Prevention comes down to keeping stools soft and easy to pass. That means consistently hitting your daily fiber target, staying hydrated, and avoiding prolonged sitting on the toilet. Regular physical activity also helps by promoting healthy bowel function and reducing pressure on the veins in the rectal area. If you’ve been treated for hemorrhoids before, these habits aren’t optional extras. They’re the difference between a lasting cure and a repeat visit.
Maintaining a healthy weight matters too. The research shows a clear dose-response relationship: higher BMI categories correspond to higher recurrence risk. Even modest weight loss can reduce the abdominal pressure that contributes to hemorrhoid formation.

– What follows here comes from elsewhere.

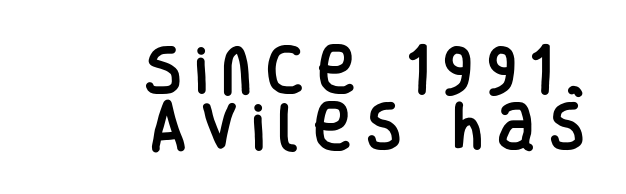
Successive baselines arrive quickly, one right under another. If you drew a ruler down the right edge, every line would touch it. The passage shown is typeset with a sans-serif family. Short note: letters widely spaced. Ascenders rise straight up at ninety degrees. The strip under each line holds only bare page.
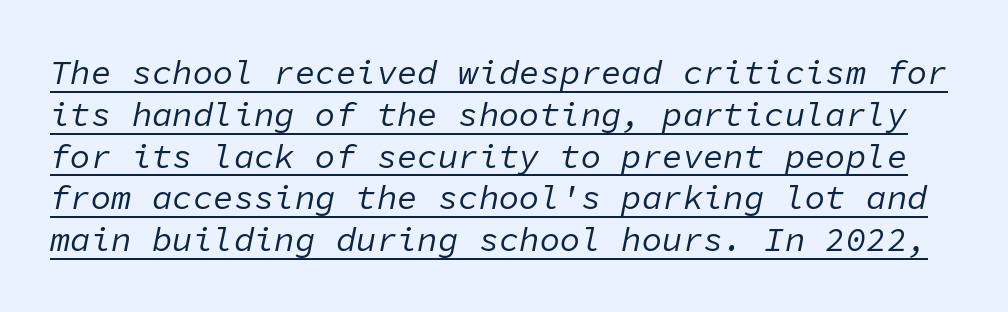
{"italic": "yes", "lean": "right", "slant_degrees": 11, "bold": "no", "weight": "regular", "width": "normal", "stroke_contrast": "low", "x_height": "medium", "monospaced": "yes", "underline": "yes", "line_spacing_ratio": 1.23, "letter_spacing": "normal", "letter_spacing_em": 0.0, "glyph_px": 34}

Matching Treatment to Severity
The practical answer to whether piles are curable depends on matching the right approach to your situation:
- Grade I: Fiber, hydration, and sitz baths often resolve symptoms entirely. Infrared coagulation or banding if they persist.
- Grade II: Rubber band ligation is the go-to, with success rates around 70% to 80%. Artery ligation is another effective option with less pain.
- Grade III: Banding can still work, but surgery (conventional hemorrhoidectomy) offers the most reliable long-term cure.
- Grade IV: Surgery is typically necessary. Conventional hemorrhoidectomy provides the best durability.
At every grade, the condition is treatable. The earlier you act, the simpler and less invasive the solution. And regardless of which treatment you receive, long-term success depends on the daily habits that keep your digestive system running smoothly.